No século XIX, denominavam a Idade Média como Idade da Fé, devido à influência da Igreja sobre as sociedades europeias durante o período medieval, ao impregnar com a força da religião o cotidiano das pessoas, exercendo forte poder político, cultural e econômico (AQUINO et al., 2008). Os autores destacam ainda forma mais radical que em muito ilustra o período, uma vez que em toda a Europa havia apenas uma Igreja, exigindo que os homens fossem batizados nela e assim considerados membros da sociedade. A excomunhão dada pela Igreja a um indivíduo o excluía não apenas das questões religiosas como também dos direitos.

Historicamente, a expansão do cristianismo ocorreu graças às contribuições teológicas de dois bispos no século IV. Por um lado, a figura de Ambrósio, arcebispo de Medielano (atualmente Milão); por outro, Santo Agostinho, bispo de Hipona. Ambos, doutores da Igreja. Séculos depois, XII e XIII, suas obras teológicas encontraram o seu auge em São Tomás de Aquino.

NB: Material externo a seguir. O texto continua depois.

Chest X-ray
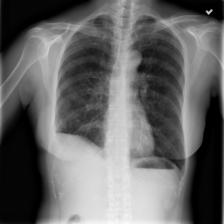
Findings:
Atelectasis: negative
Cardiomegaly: negative
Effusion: positive
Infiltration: negative
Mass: negative
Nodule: negative
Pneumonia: negative
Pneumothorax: negative
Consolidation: negative
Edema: negative
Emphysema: negative
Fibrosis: negative
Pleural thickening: negative
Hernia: negative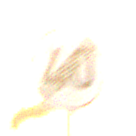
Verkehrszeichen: EndeGeschwindigkeit40
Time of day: SunriseSunset
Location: Outdoor (Suburban)
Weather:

Dentre os vários jovens santos, atualmente, celebrados no calendário cristão, destaca-se a figura de Francisco, mais conhecido como Francisco de Assis, jovem que, após uma fase mundana, passou a viver a simplicidade. A história de Francisco mostra as dificuldades da sociedade medieval, em particular da Itália no século XII. Nota-se que muitos jovens nobres ingressaram na vida religiosa com intuito de combater a pobreza e a indiferença social. O jovem pode ser comparado à juventude da Antiguidade, formada para o militarismo, enquanto no período medievo o

militarismo retoma uma nova forma, tendo como perspectiva a missão de Cristo. Embora a religião esteja inteiramente relacionada à socialização na Idade Média, muitos jovens viviam uma liberdade não aceita na contemporaneidade (LIBÂNIO, 2004).

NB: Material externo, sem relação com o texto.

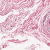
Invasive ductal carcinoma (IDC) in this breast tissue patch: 0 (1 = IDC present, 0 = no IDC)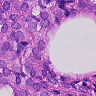
Metastatic tissue present: yes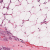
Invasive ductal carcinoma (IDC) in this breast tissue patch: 1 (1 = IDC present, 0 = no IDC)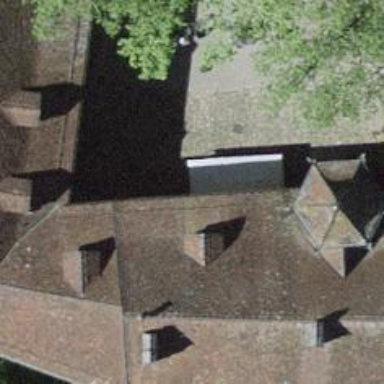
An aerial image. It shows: Historic manor castle with half-hipped roof.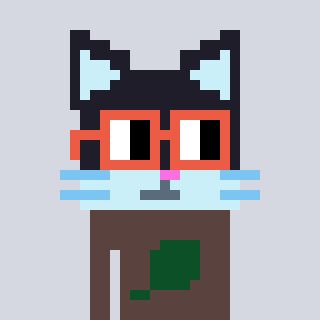
a pixel art character with square orange glasses, a cat-shaped head and a darkbrown-colored body on a cool background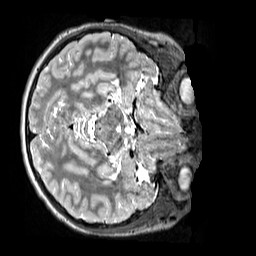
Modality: T2w
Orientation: axial
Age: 11
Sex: male
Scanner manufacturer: siemens
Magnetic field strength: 3 T
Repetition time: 3.2 s
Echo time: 0.408 s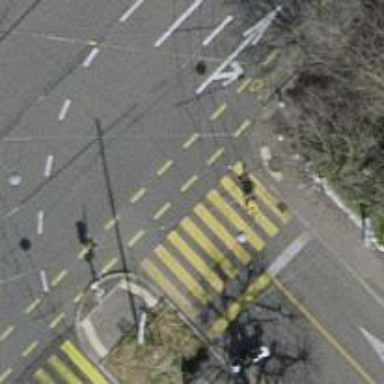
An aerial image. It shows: Crossing with traffic signals.

Para Dick (2003), o século IV oferece rol significativo de jovens que se tornaram santos, como Agostinho (354-430), bom exemplo da juventude da época. Quando jovem, aos vinte anos de idade, tornou-se pai. Importava para Agostinho, antes de se tornar santo, a riqueza, os prazeres e tudo que parecia ser atrativo. A conversão ocorreu doze anos depois, em Milão, ao participar de debates filosóficos com Santo Ambrósio (DICK, 2003). Assim como Agostinho, séculos depois Francisco, Clara e outros se destacaram pela postura crítica e profunda rejeição à indiferença social e política que tanto caracterizou as diferentes épocas da Idade Antiga e Medieval.

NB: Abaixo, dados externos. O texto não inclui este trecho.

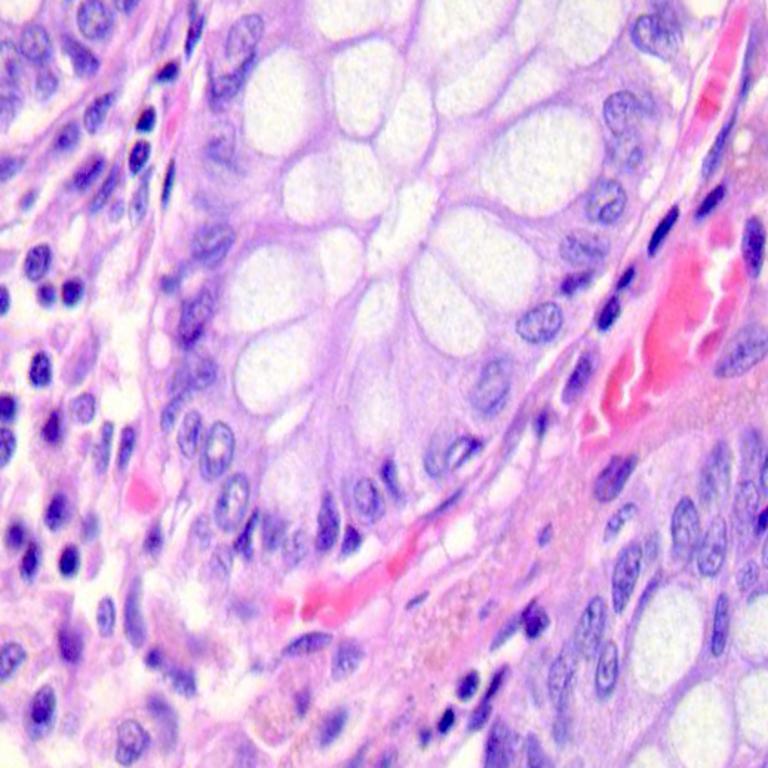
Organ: colon
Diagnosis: benign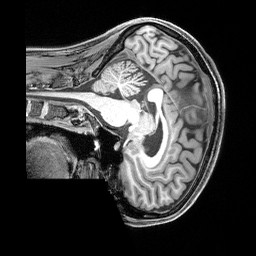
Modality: T1w
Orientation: sagittal
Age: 40
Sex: female
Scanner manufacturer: siemens
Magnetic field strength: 3 T
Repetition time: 2.4 s
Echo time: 0.00215 s

Libânio (2004) analisa a situação juvenil desde a Antiguidade até os tempos atuais. Afirma que a Roma Antiga até o século II a.C. não conheceu esse período de idade atualmente conhecida como juventude. Havia um rito cívico religioso que enfatizava a passagem da idade infantil para a vida adulta. A sociedade romana apenas conhecia três principais categorias: infância, adulto e velhice. Para o autor, somente a partir do século II a.C. inventa-se em Roma a fase intermediária entre infância e adulto, ou seja, a juventude.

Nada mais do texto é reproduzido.